Mean Squared Error: 17174351.4990057
Root Mean Squared Error: 4144.194915662836
Mean Absolute Error: 2671.2313537808127
R-squared: 0.6373401386146524


#### Results
The random forest regression performs better than the sgd regression, with an r-squared of .63 instead of 0.60

# Conclusion

## Performance Recap
We used three distinct models to predict healthcare costs.  Stochastic Gradient Descent (SGD) Regression, SGD Classification, and Random Forest Regression.  SGD and Random forest regressions predicted payment values.  SGD Classification predicted quintile bins.  We trained and evaluated the models across several performance metrics. Results indicated varying degrees of success.   The SGD Regression model, for instance, explained about 61.27% of the variability in the data, suggesting room for improvement, while the Random Forest Regression model performed slightly better with an R-squared of .63. Hyperparameter tuning, did not significantly improve performance.  The SGD Classifier's performance was subpar, with an accuracy rating of 27%. 

## Limitations
Our dataset presents several limitations that render it a less than ideal candidate for advanced prediction models. First, in order to maintain the confidentiality and de-identification of medical claims information, all our features have been converted into categorical variables. Age, length of stay, and other variables have been categorized instead of being left as continuous quantities. Even our other categorical variables have been aggregated or grouped, causing significant information loss. For example, our base DRG variable is a composite of up to three regular DRG codes. Additionally, our payment information has been grouped and averaged, leading to quintile bin averages. This results in a lack of granularity that presents challenges for accurate prediction.

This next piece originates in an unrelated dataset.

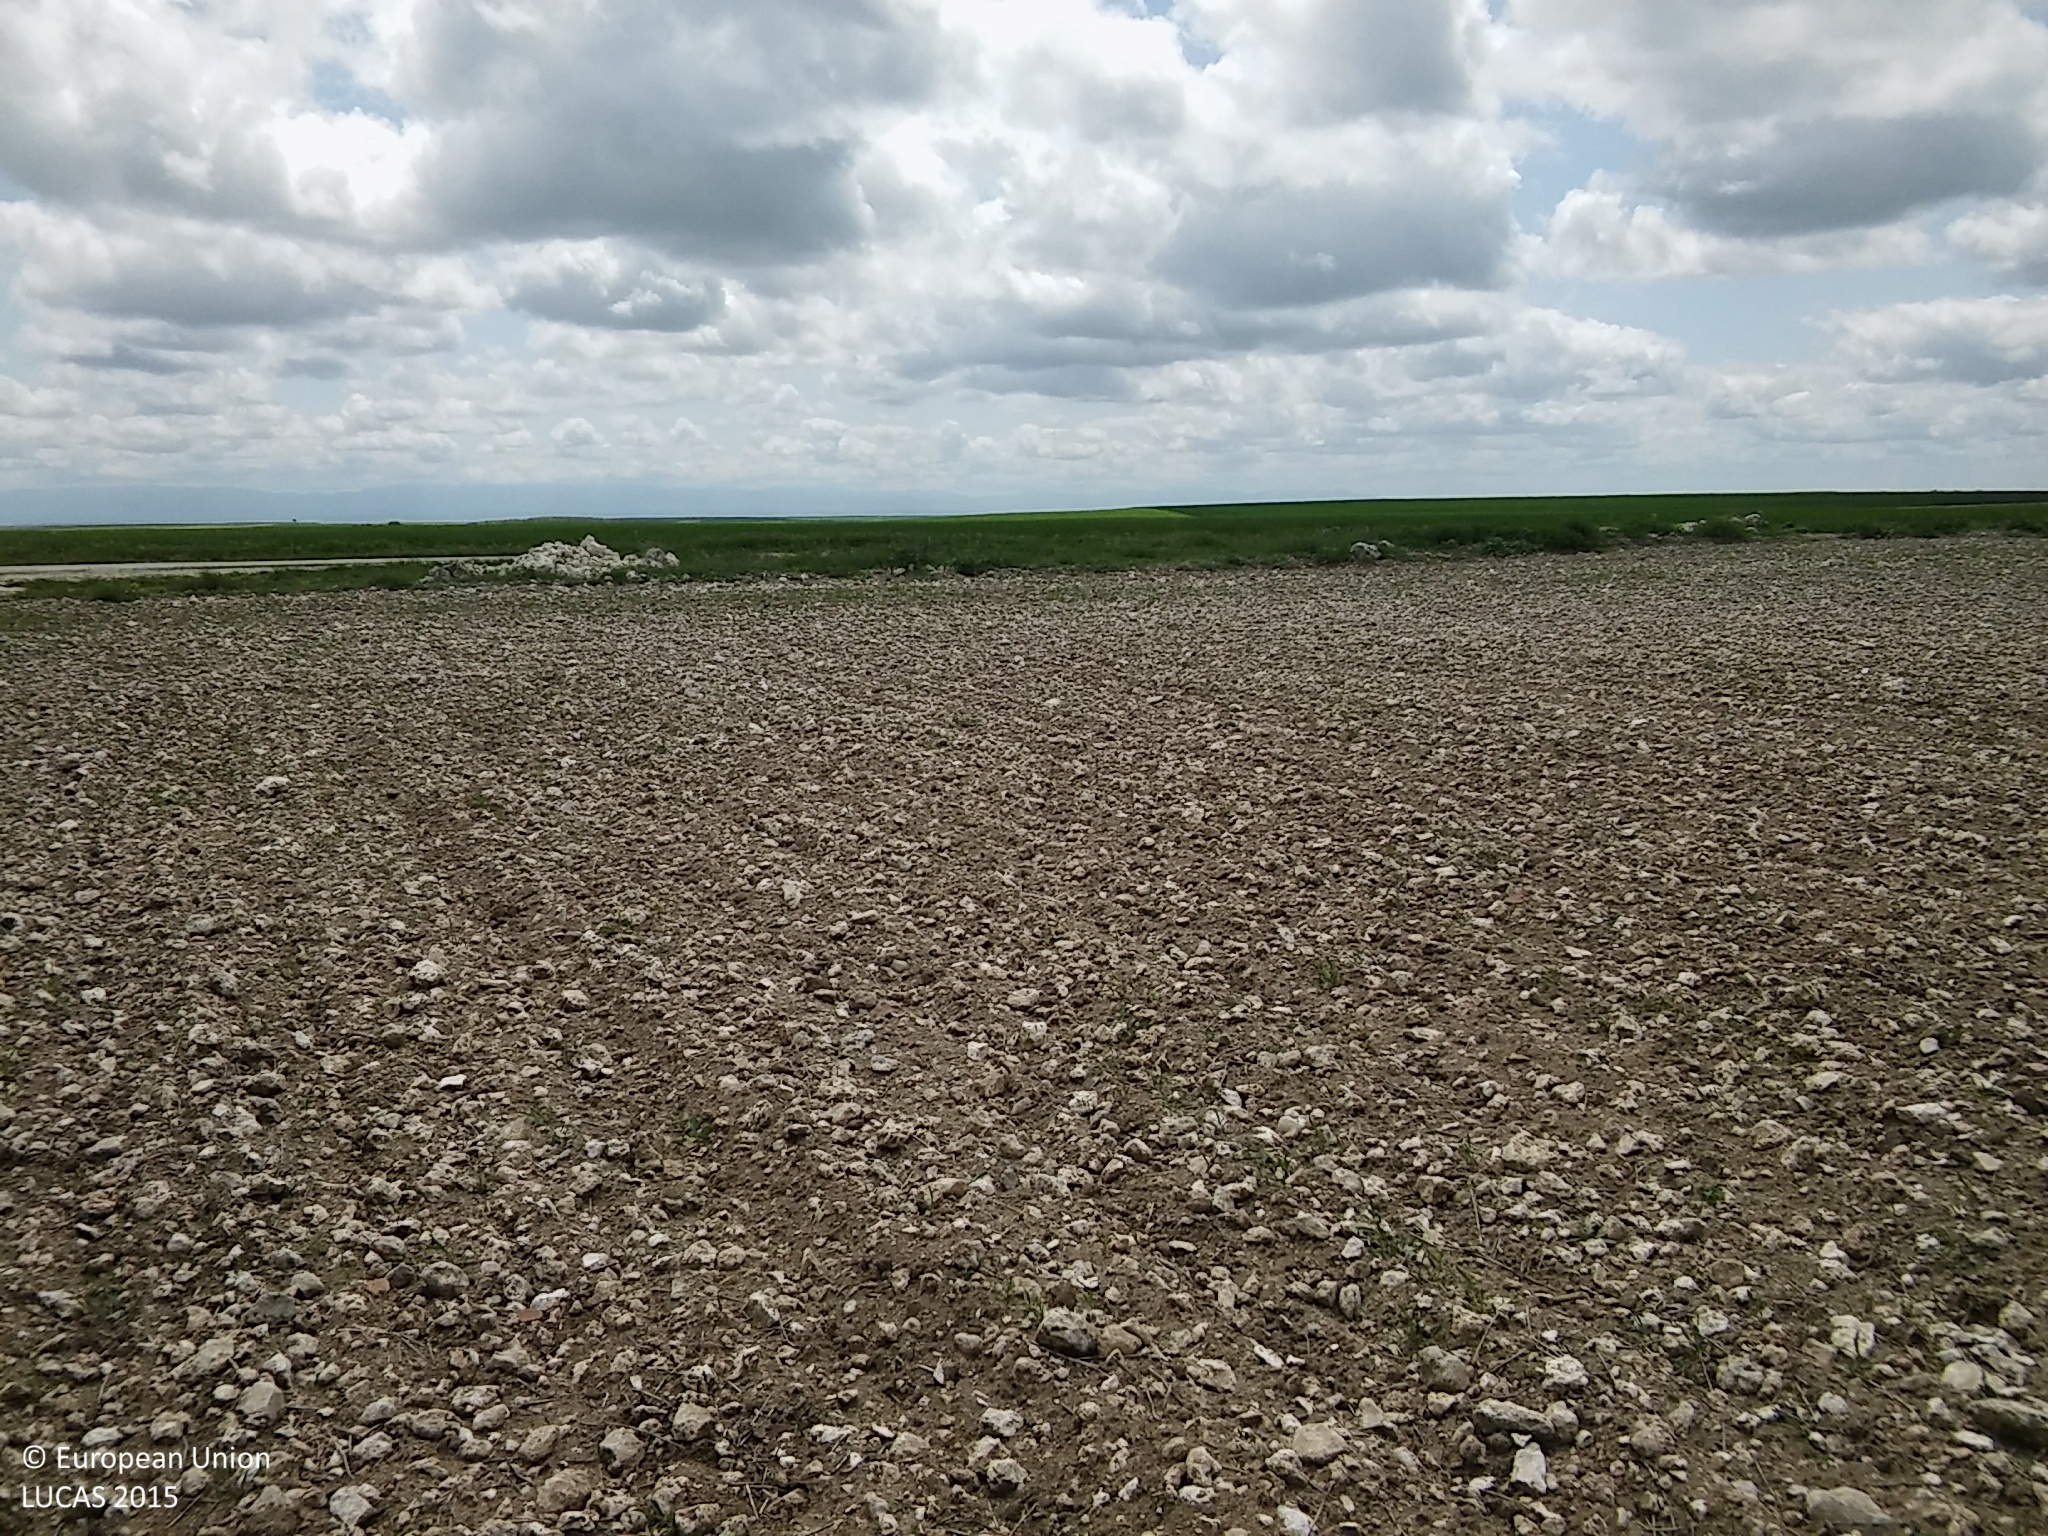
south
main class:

Secondly, our approach has been constrained due to the limited number of iterations in hyperparameter tuning, and we have only examined a couple of regression models. This trade-off inherently prioritizes time efficiency over accuracy, as further improvements via a more detailed grid search or exploration of other models might have yielded additional insights. However, despite these limitations, achieving an R-squared of .63 represents a moderate success for this demonstration of technique, considering the dataset's constraints.